How to complete this task
Transcribe the entries that follow exactly as they appear, minus pictures.

Information given

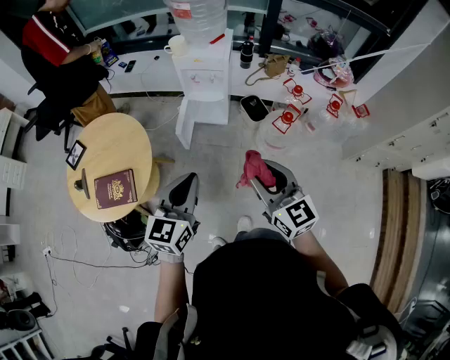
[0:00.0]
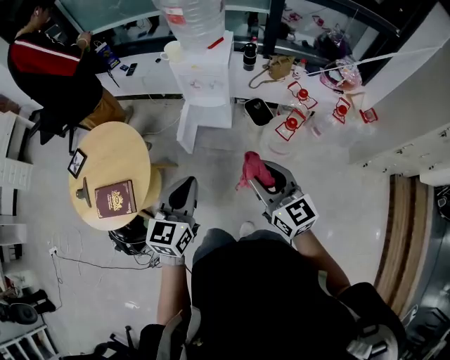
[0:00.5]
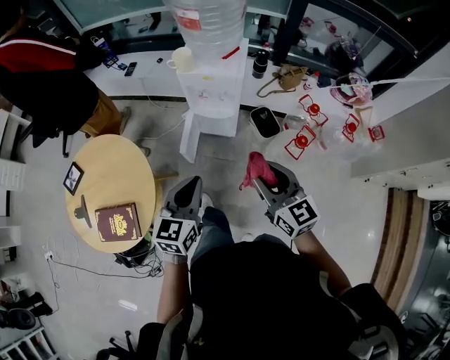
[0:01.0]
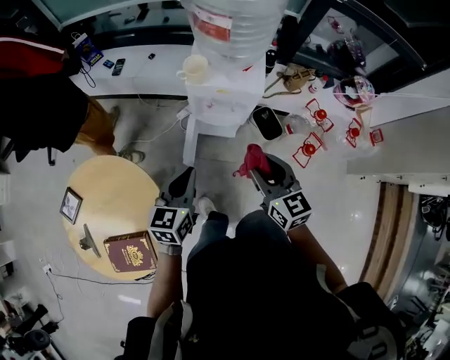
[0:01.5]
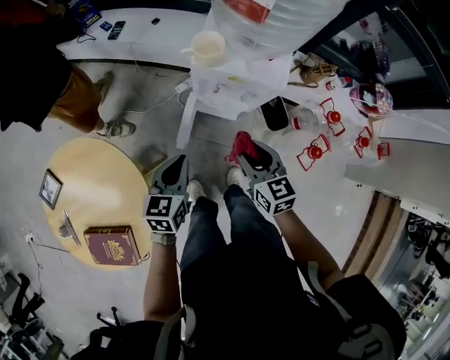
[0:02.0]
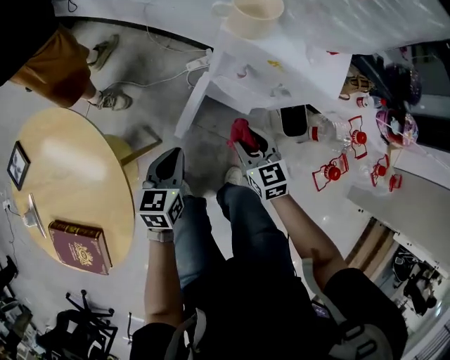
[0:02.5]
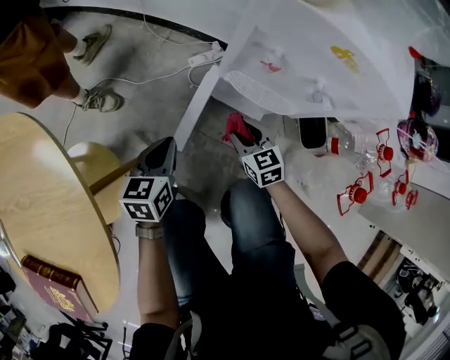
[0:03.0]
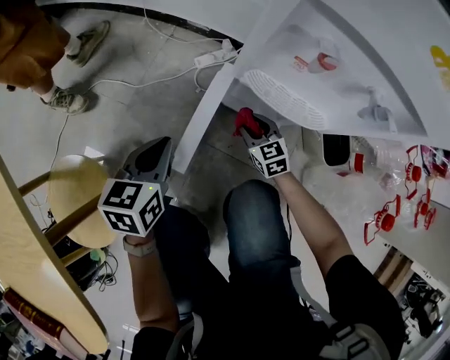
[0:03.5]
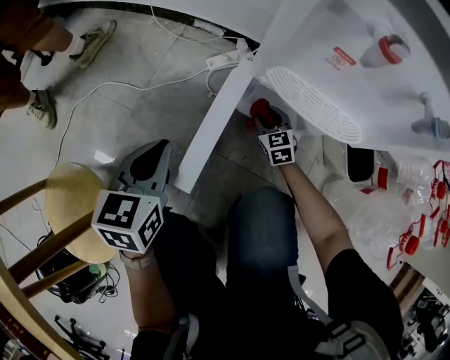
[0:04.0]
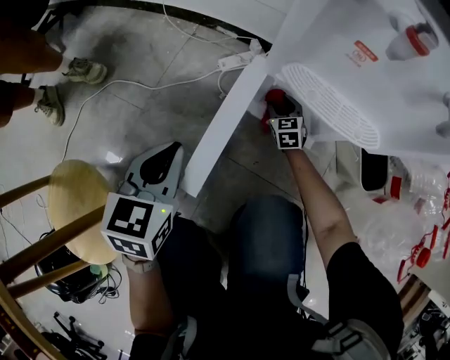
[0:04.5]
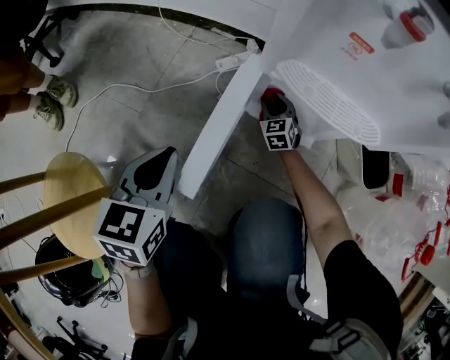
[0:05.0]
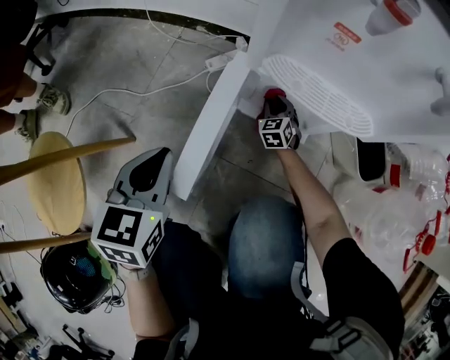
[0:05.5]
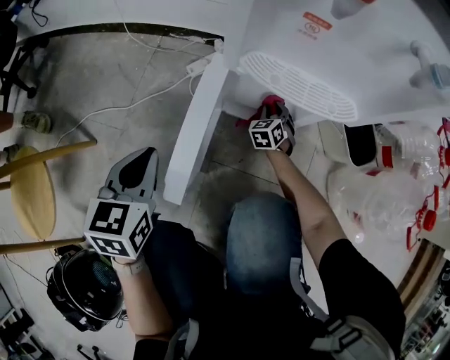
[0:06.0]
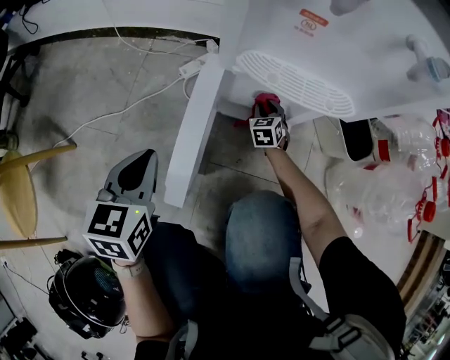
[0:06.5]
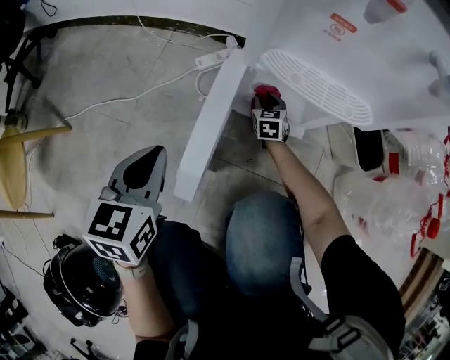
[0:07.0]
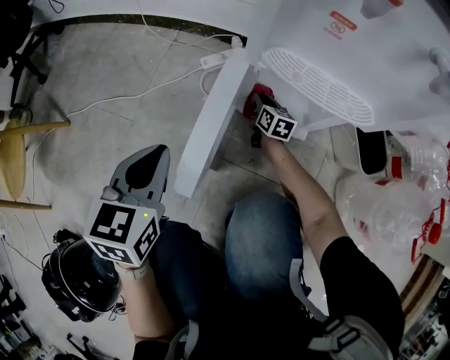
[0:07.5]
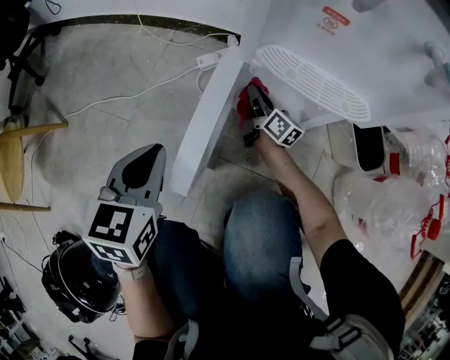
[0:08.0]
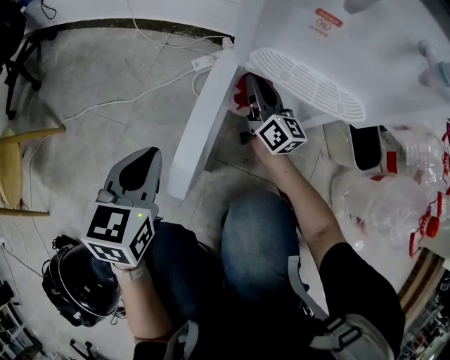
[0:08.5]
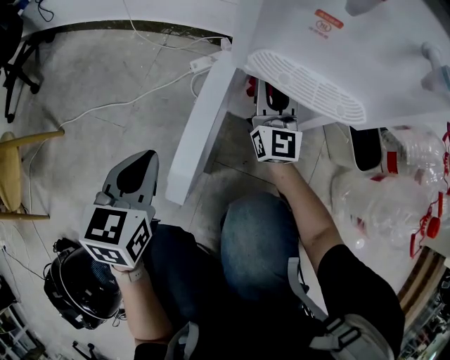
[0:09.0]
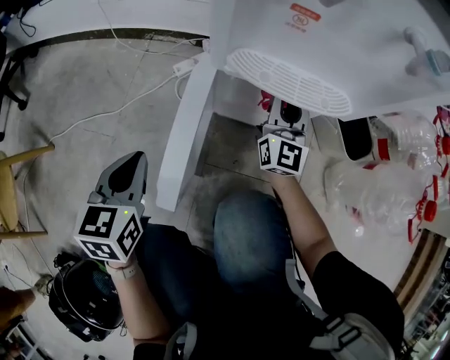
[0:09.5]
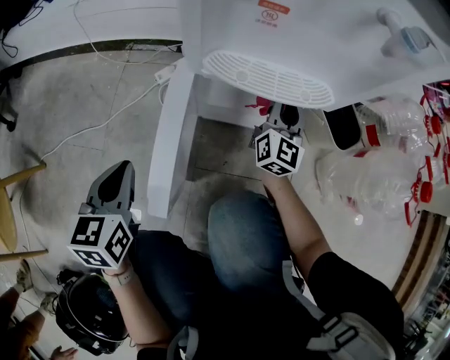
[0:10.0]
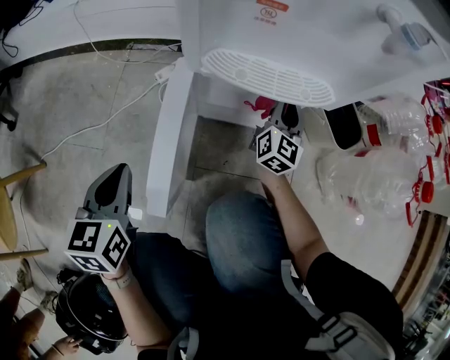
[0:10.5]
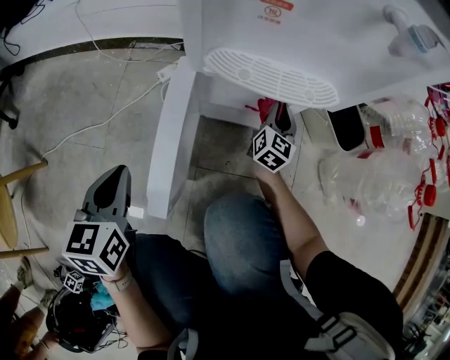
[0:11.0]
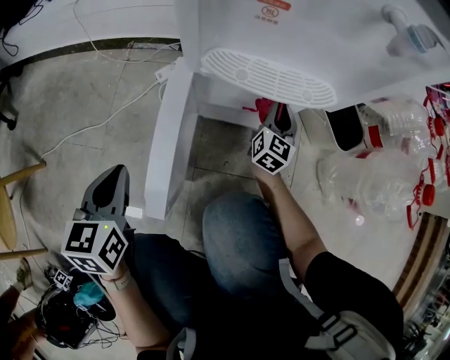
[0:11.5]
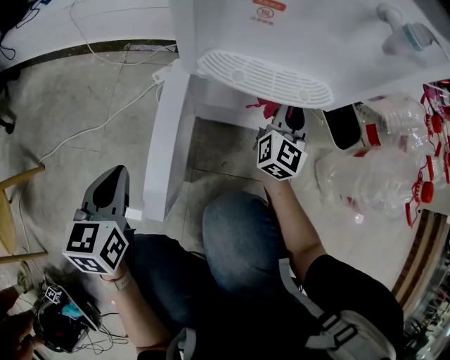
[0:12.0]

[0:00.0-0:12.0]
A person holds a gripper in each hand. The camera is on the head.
0:00.0 to 0:02.0: The two grippers travel together, forward, about 50 cm. The two grippers go some 20 cm downward. The left gripper rotates approximately 20 degrees. Meanwhile the right gripper swivels roughly 20 degrees.
0:02.0 to 0:04.0: The right gripper heads downward, covering approximately 70 cm, and rotates some 20 degrees. The left gripper moves downward, about 50 cm.
0:04.0 to 0:06.0: The right gripper moves to the right and downward, some 10 cm, and changes its angle by about 40 degrees.
0:06.0 to 0:08.0: The right gripper shifts roughly 15 cm to the left and upward, and angles its fingers upward, by some 40 degrees.
0:08.0 to 0:10.0: The right gripper heads to the right and upward, covering some 20 cm, and swivels approximately 60 degrees.
0:10.0 to 0:12.0: The right gripper travels downward and back again, about 10 cm each way.

Task answer
[0:00.0]
[0:00.5]
[0:01.0]
[0:01.5]
[0:02.0]
[0:02.5]
[0:03.0]
[0:03.5]
[0:04.0]
[0:04.5]
[0:05.0]
[0:05.5]
[0:06.0]
[0:06.5]
[0:07.0]
[0:07.5]
[0:08.0]
[0:08.5]
[0:09.0]
[0:09.5]
[0:10.0]
[0:10.5]
[0:11.0]
[0:11.5]
[0:12.0]

[0:00.0-0:12.0]
A person holds a gripper in each hand. The camera is on the head.
0:00.0 to 0:02.0: The two grippers travel together, forward, about 50 cm. The two grippers go some 20 cm downward. The left gripper rotates approximately 20 degrees. Meanwhile the right gripper swivels roughly 20 degrees.
0:02.0 to 0:04.0: The right gripper heads downward, covering approximately 70 cm, and rotates some 20 degrees. The left gripper moves downward, about 50 cm.
0:04.0 to 0:06.0: The right gripper moves to the right and downward, some 10 cm, and changes its angle by about 40 degrees.
0:06.0 to 0:08.0: The right gripper shifts roughly 15 cm to the left and upward, and angles its fingers upward, by some 40 degrees.
0:08.0 to 0:10.0: The right gripper heads to the right and upward, covering some 20 cm, and swivels approximately 60 degrees.
0:10.0 to 0:12.0: The right gripper travels downward and back again, about 10 cm each way.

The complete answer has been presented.